SIMON: Mr. Smith, has the identity of what it means to be a Scot changed because of immigration patterns? I asked because just in the past year, it seems to me I've seen movies about African immigrants in Glasgow and Indian families who have been living for decades in Edinburgh.

Mr. SMITH: Yes, the United Kingdom, obviously, has experienced very considerable immigration in the last few decades. Oh, immigration patterns in Scotland are little bit different from immigration patterns in England and the rest of the United Kingdom. And that there haven't being perhaps quite as much immigration from countries such as India, Pakistan or the Caribbean and Scotland as there was into England. So there's a little bit of a difference there.

What we have seen there has been a fairly major flow of immigrants in Scotland from Eastern European countries particularly Poland. I think that Scotland has become a bit more pluralist as a result. What the impact of that will be electorally eventually in terms of Scottish political culture, I'm not too sure. I think it may add to Scottish confidence in assertions that Scotland can run its own affairs.

SIMON: Does the issue of North Sea oil complicate any of this?

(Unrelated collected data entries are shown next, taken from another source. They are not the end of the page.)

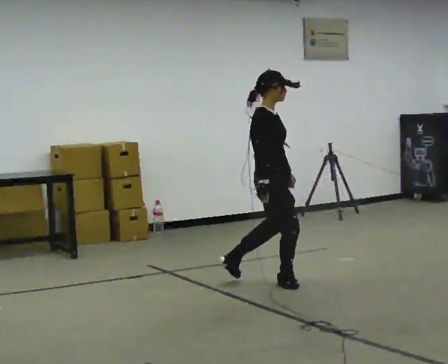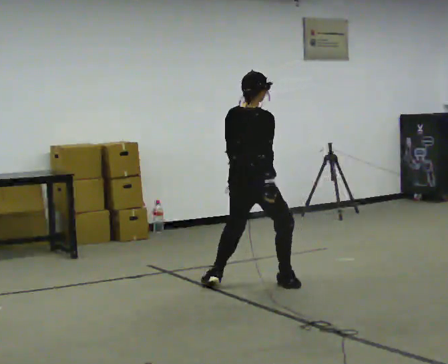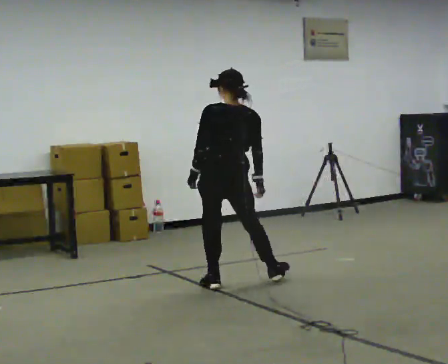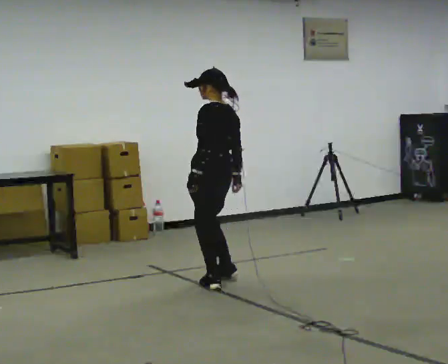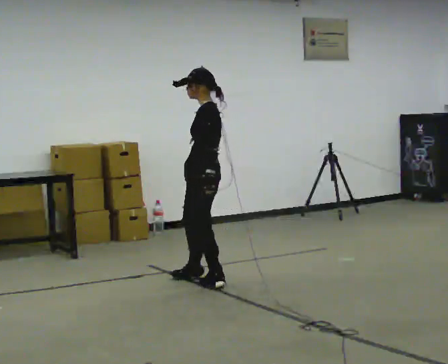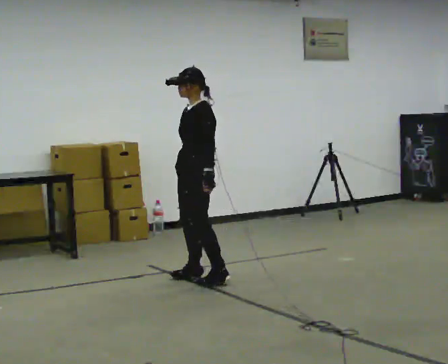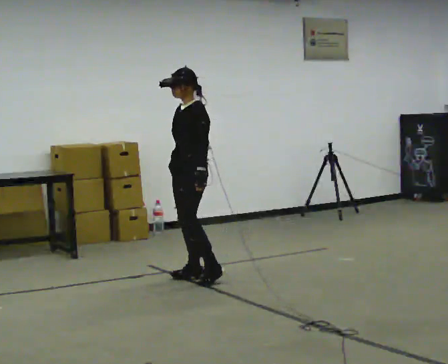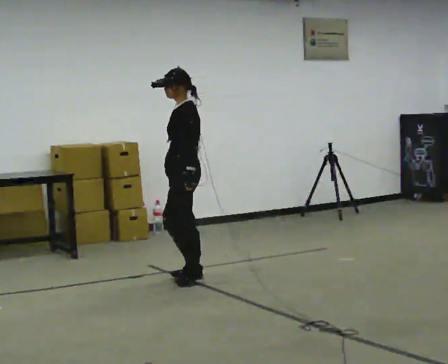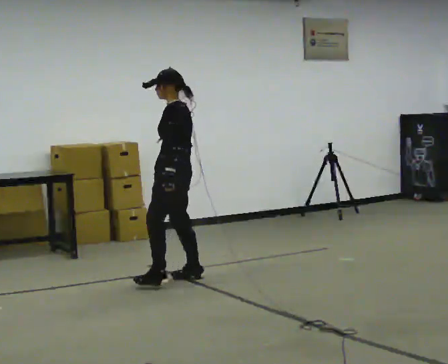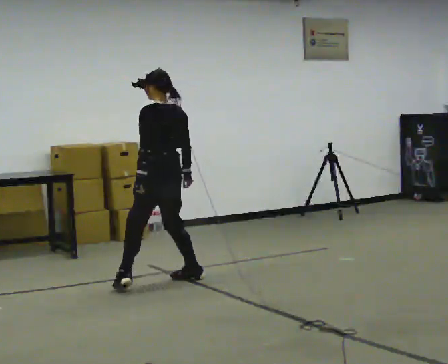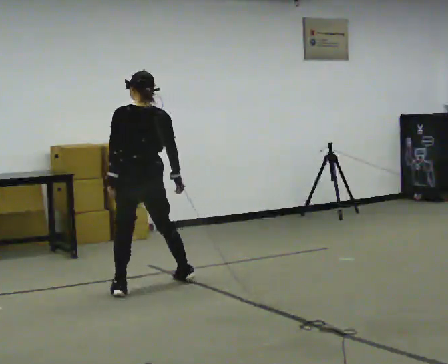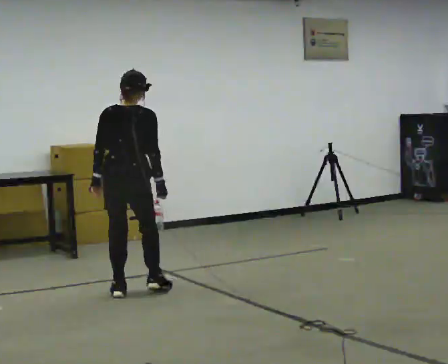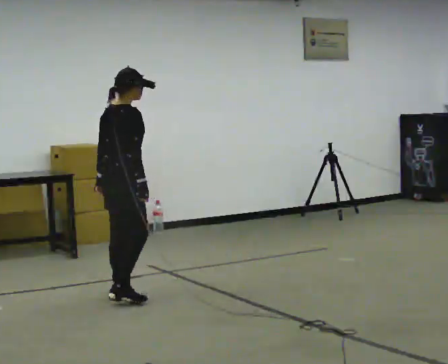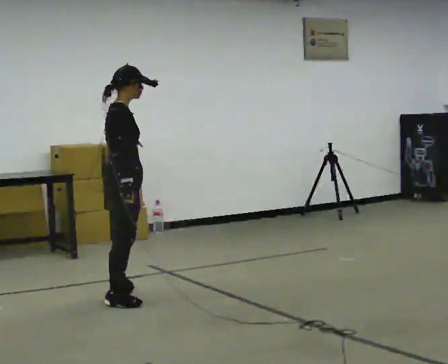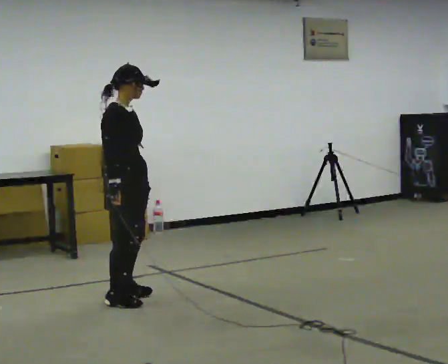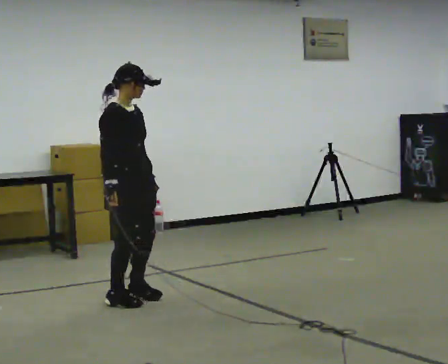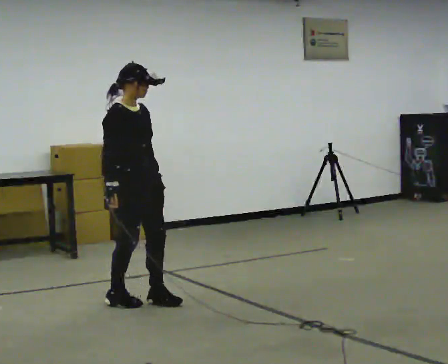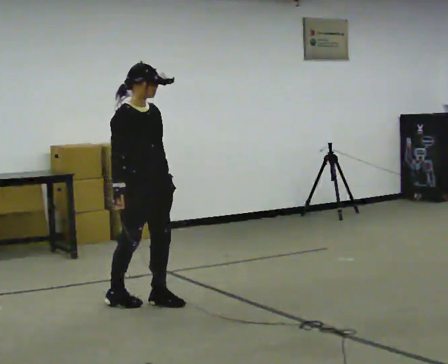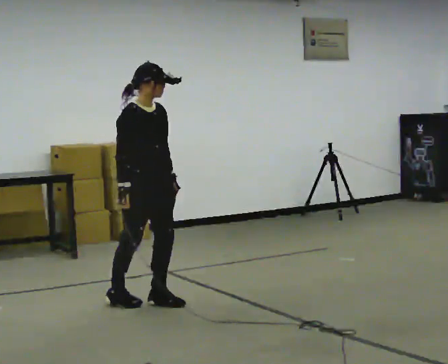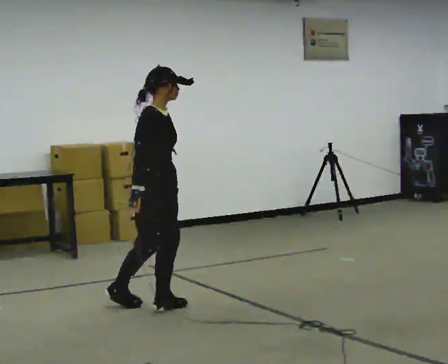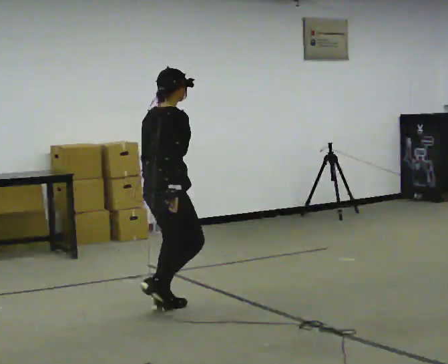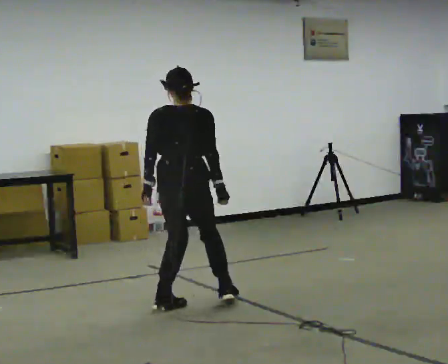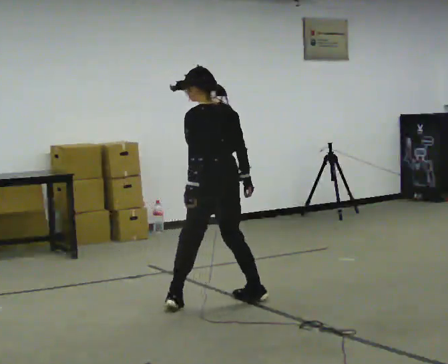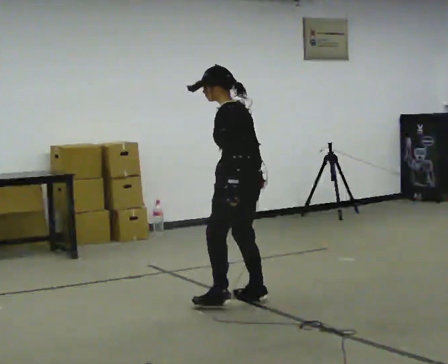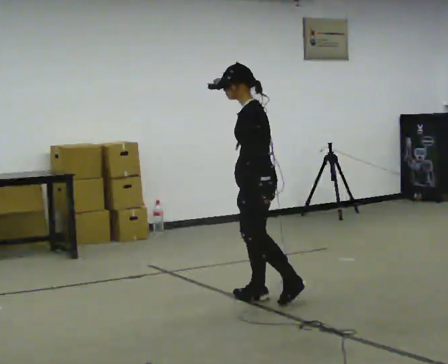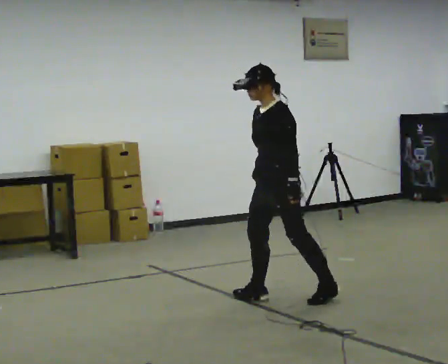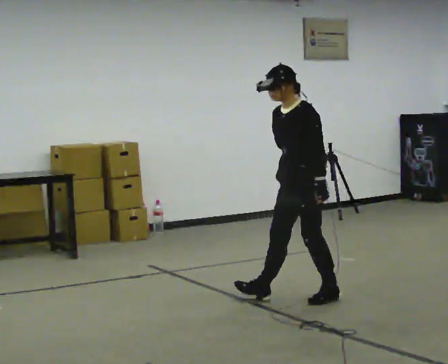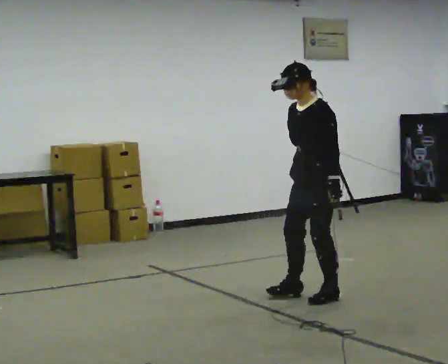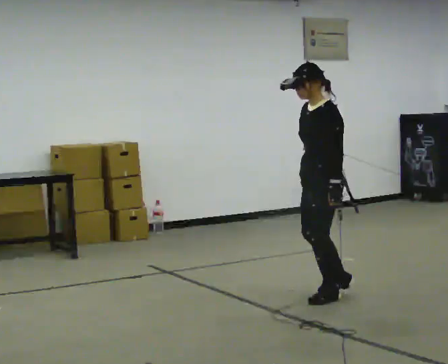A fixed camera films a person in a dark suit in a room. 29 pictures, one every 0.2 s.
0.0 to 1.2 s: The person turns about 210 degrees to their left, counterclockwise seen from above, so the part of the body nearest the lens slides to the right. In the picture they go to the left and away from the camera, about 0.5 m in 2 steps.
1.2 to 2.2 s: The person turns about 135 degrees to their right, clockwise seen from above, so the part of the body nearest the lens slides to the left. In the picture they go to the left and toward the camera, about 0.75 m in 1 step.
2.2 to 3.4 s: The person turns about 105 degrees to their right, clockwise seen from above, so the part of the body nearest the lens slides to the left. In the picture they go toward the camera, about 0.25 m in 2 steps.
3.4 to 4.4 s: Seen from above the body turns counterclockwise, about 165 degrees: to their left, with its near side sliding to the right. In the picture they go to the right, about 0.5 m in 2 steps.
4.4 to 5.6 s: Seen from above the body turns counterclockwise, about 60 degrees: to their left, with its near side sliding to the right. In the picture they go to the right, about 0.75 m in 1 step.
The film runs forward here.
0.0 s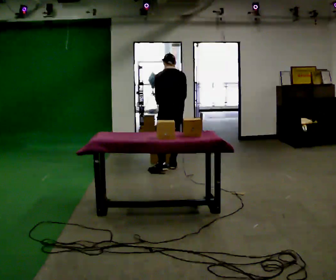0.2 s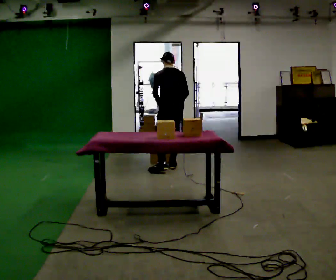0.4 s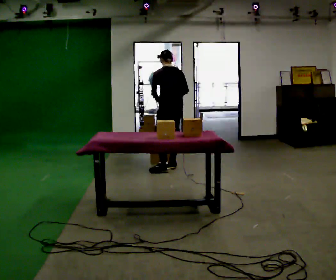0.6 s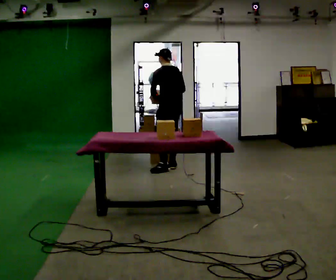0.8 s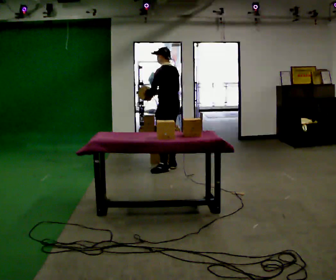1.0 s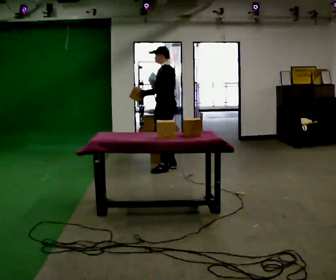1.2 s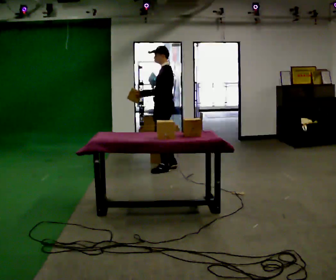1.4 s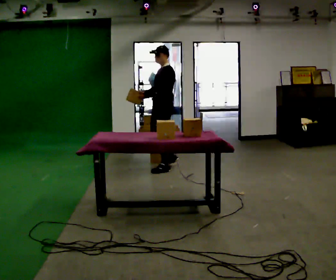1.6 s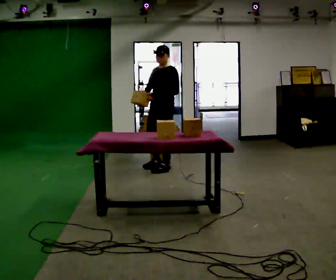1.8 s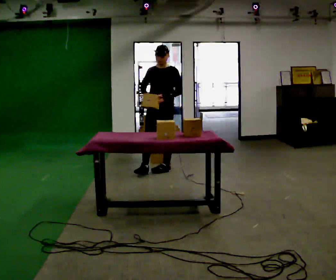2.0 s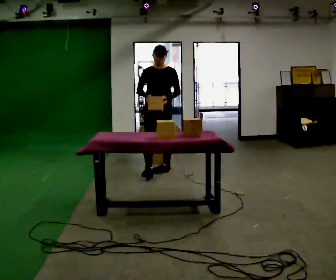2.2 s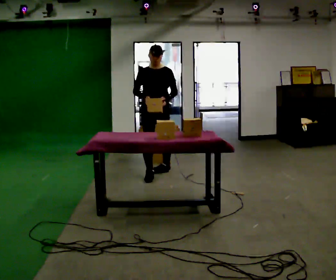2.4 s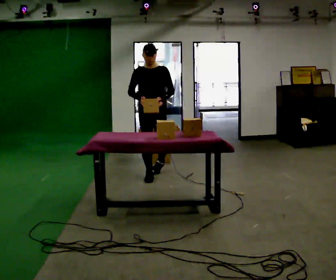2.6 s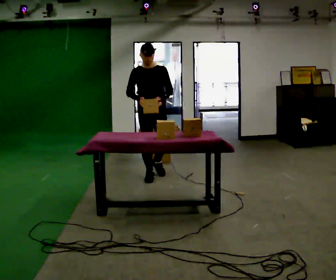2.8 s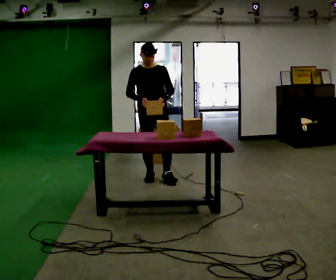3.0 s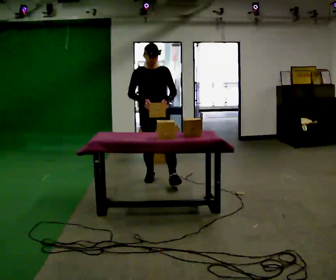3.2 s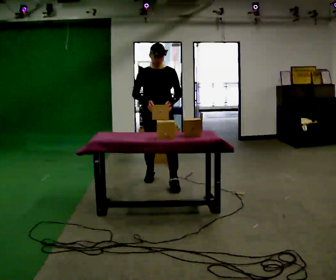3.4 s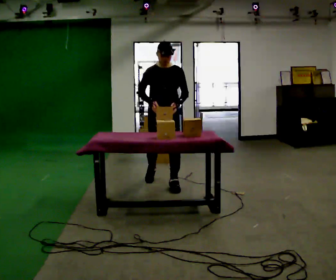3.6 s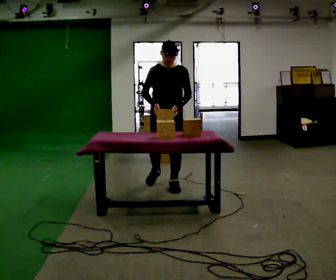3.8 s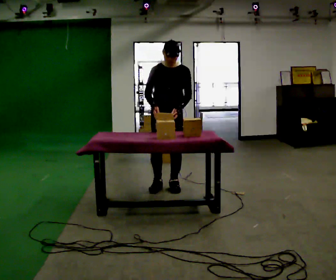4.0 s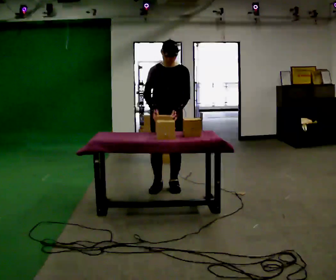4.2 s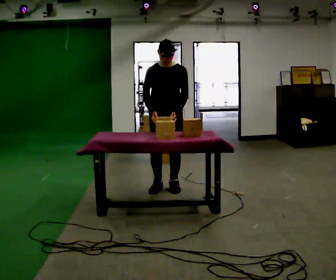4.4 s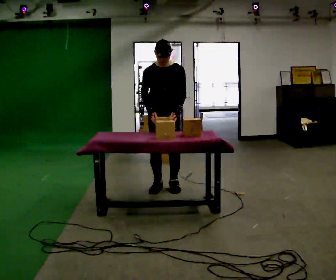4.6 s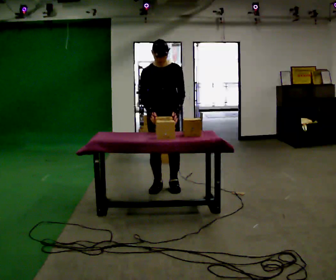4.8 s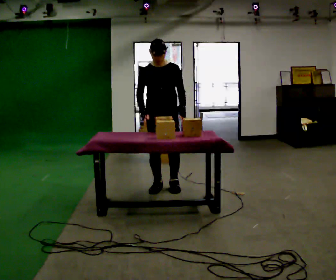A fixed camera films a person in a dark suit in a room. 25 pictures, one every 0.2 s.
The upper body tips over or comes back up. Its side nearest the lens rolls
downward.
The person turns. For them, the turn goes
to their left.
0.0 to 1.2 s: The part of the body nearest the lens slides to the right as the person turns to their left by about 75 degrees. The upper body tips toward the camera, its near side rolling downward, as they lean back or straighten. In the picture their right hand goes to the left, the arm swinging clockwise.
1.2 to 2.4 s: The part of the body nearest the lens slides to the right as the person turns to their left by about 105 degrees. In the picture they go toward the camera and to the left, about 0.5 m in 1 step.
2.4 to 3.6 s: In the picture they go toward the camera and to the right, about 0.5 m in 1 step, which for them is forward.
3.6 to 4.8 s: The person moves a little, or ends about where they began.
The film runs forward here.
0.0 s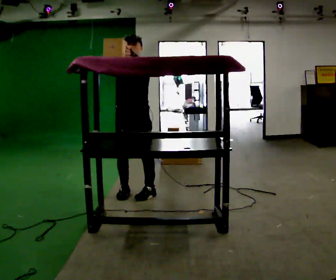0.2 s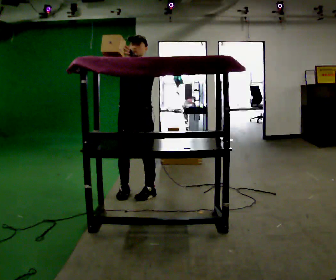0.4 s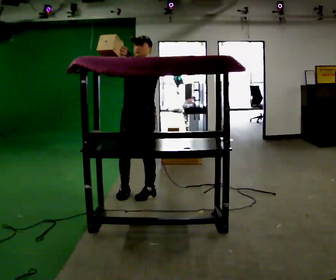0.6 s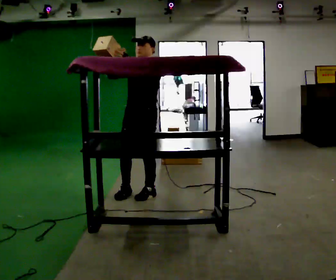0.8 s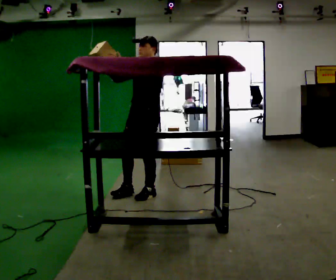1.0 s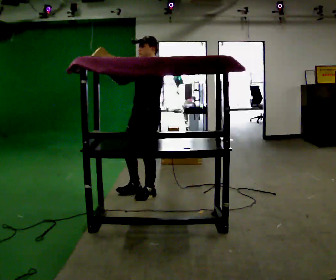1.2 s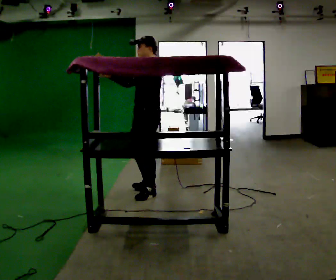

Mr. SMITH: North Sea oil is a vital part of the whole debate because Scotland is sitting there with these dwindling obviously as its taking out. But these considerable supplies of oil, now, the Scottish National Party looks at that as a major asset that Scotland has. And it brings that into the financial equation. And if it takes an optimistic view of oil prices, then it says that the arithmetic points to Scotland being perfectly viable as an independent state, and indeed being quite well-off as an independent state.

And on the other side says, well, a couple of issues there, one of which is the price of oil fluctuates, and therefore, you have to take that into account when you're doing your arithmetic. And the other argument is that it's not at all sure that Scotland would be entitled to all the oil revenues. The division of the North Sea is a fairly complex business and it's not quite as simple as some people in Scotland would have it.

If it weren't for the oil, then I think the case of the Scottish National Party would be considerably weaker.

SIMON: Alexander McCall Smith, speaking with us from Toronto. His most recent book is "The Right Attitude to Rain." Don't delay. There will be another one coming along very soon. Thank you, Mr. Smith.

Mr. SMITH: Thank you very much indeed, Scott.